Records from a dataset
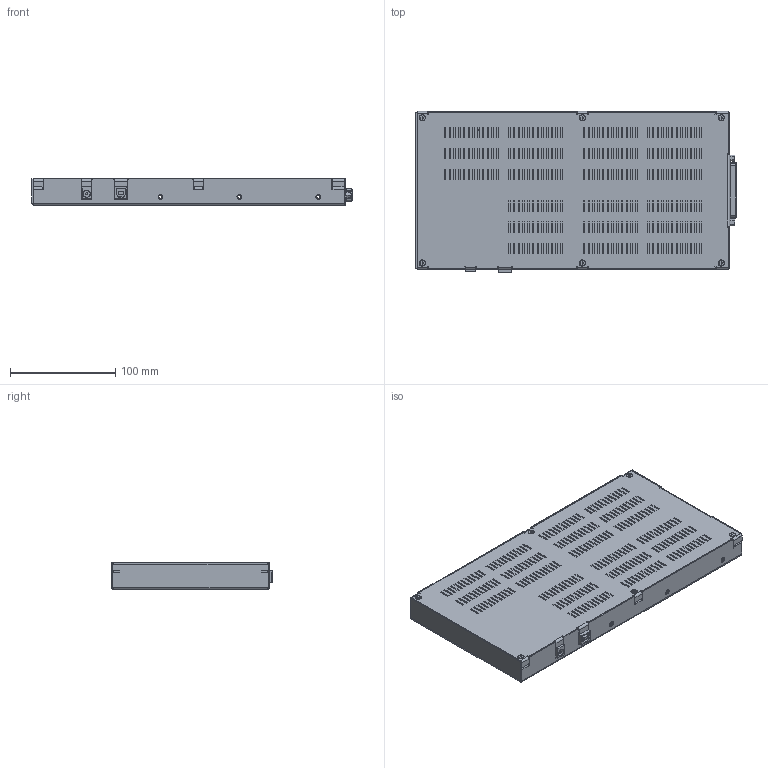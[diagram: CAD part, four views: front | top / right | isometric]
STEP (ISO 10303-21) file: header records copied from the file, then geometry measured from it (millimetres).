
FILE_DESCRIPTION((''),'2;1');
FILE_NAME('LogicScan 64 OEM-1T.stp','2009-06-11T10:57:13',('Leonid Ciunel'),(''),'Autodesk Inventor 2009','Autodesk Inventor 2009','');
FILE_SCHEMA(('AUTOMOTIVE_DESIGN { 1 0 10303 214 1 1 1 1 }'));
Length unit declared in the file: millimetre
Products named in the file (15): LogicScan 64 OEM-1T; EKR T; LS 64 revA; Plata LS; 78 pin ; 78 pin; P; stoika; USB; Pawer 1; EKR-015; EKR-015.1; EKR Bot; Vtl. rez-3; SLKM3X6
Assembly tree (31 placements, depth 4):
  LogicScan 64 OEM-1T
    EKR T
    LS 64 revA
      Plata LS
      78 pin 
        78 pin
        P
        stoika  x2
      USB
      Pawer 1
      EKR-015
      EKR-015.1
    EKR Bot
    Vtl. rez-3  x12
    SLKM3X6  x6
Bounding box: 304 x 153 x 25.25 mm (x, y, z)
Volume: 196624.2 mm3; surface area: 340827.8 mm2
Topology: 29 solids, 29 shells, 6801 faces, 19927 edges, 13204 vertices
Faces by surface type: plane 5001, bspline 1402, cylinder 340, torus 47, cone 6, sphere 5
Full cylindrical faces by diameter (mm): 2 x1, 2.2 x104, 3 x24, 3.2 x6, 3.6 x12, 4.4 x12, 6 x12, 6.5 x1
Entity records: 155124 total; most frequent: CARTESIAN_POINT 33124, ORIENTED_EDGE 25596, DIRECTION 22086, EDGE_CURVE 12798, VECTOR 11544, LINE 11544, VERTEX_POINT 8684, EDGE_LOOP 7010

§ **WHAT THE TASK REQUIRES**
The answer must be the line containing "2009','Autodesk Inventor 2009','');" and every line after it to the end of the records, repeated exactly.

§ **PROBLEM SOLUTION**
FILE_NAME('LogicScan 64 OEM-1T.stp','2009-06-11T10:57:13',('Leonid Ciunel'),(''),'Autodesk Inventor 2009','Autodesk Inventor 2009','');
FILE_SCHEMA(('AUTOMOTIVE_DESIGN { 1 0 10303 214 1 1 1 1 }'));
Length unit declared in the file: millimetre
Products named in the file (15): LogicScan 64 OEM-1T; EKR T; LS 64 revA; Plata LS; 78 pin ; 78 pin; P; stoika; USB; Pawer 1; EKR-015; EKR-015.1; EKR Bot; Vtl. rez-3; SLKM3X6
Assembly tree (31 placements, depth 4):
  LogicScan 64 OEM-1T
    EKR T
    LS 64 revA
      Plata LS
      78 pin 
        78 pin
        P
        stoika  x2
      USB
      Pawer 1
      EKR-015
      EKR-015.1
    EKR Bot
    Vtl. rez-3  x12
    SLKM3X6  x6
Bounding box: 304 x 153 x 25.25 mm (x, y, z)
Volume: 196624.2 mm3; surface area: 340827.8 mm2
Topology: 29 solids, 29 shells, 6801 faces, 19927 edges, 13204 vertices
Faces by surface type: plane 5001, bspline 1402, cylinder 340, torus 47, cone 6, sphere 5
Full cylindrical faces by diameter (mm): 2 x1, 2.2 x104, 3 x24, 3.2 x6, 3.6 x12, 4.4 x12, 6 x12, 6.5 x1
Entity records: 155124 total; most frequent: CARTESIAN_POINT 33124, ORIENTED_EDGE 25596, DIRECTION 22086, EDGE_CURVE 12798, VECTOR 11544, LINE 11544, VERTEX_POINT 8684, EDGE_LOOP 7010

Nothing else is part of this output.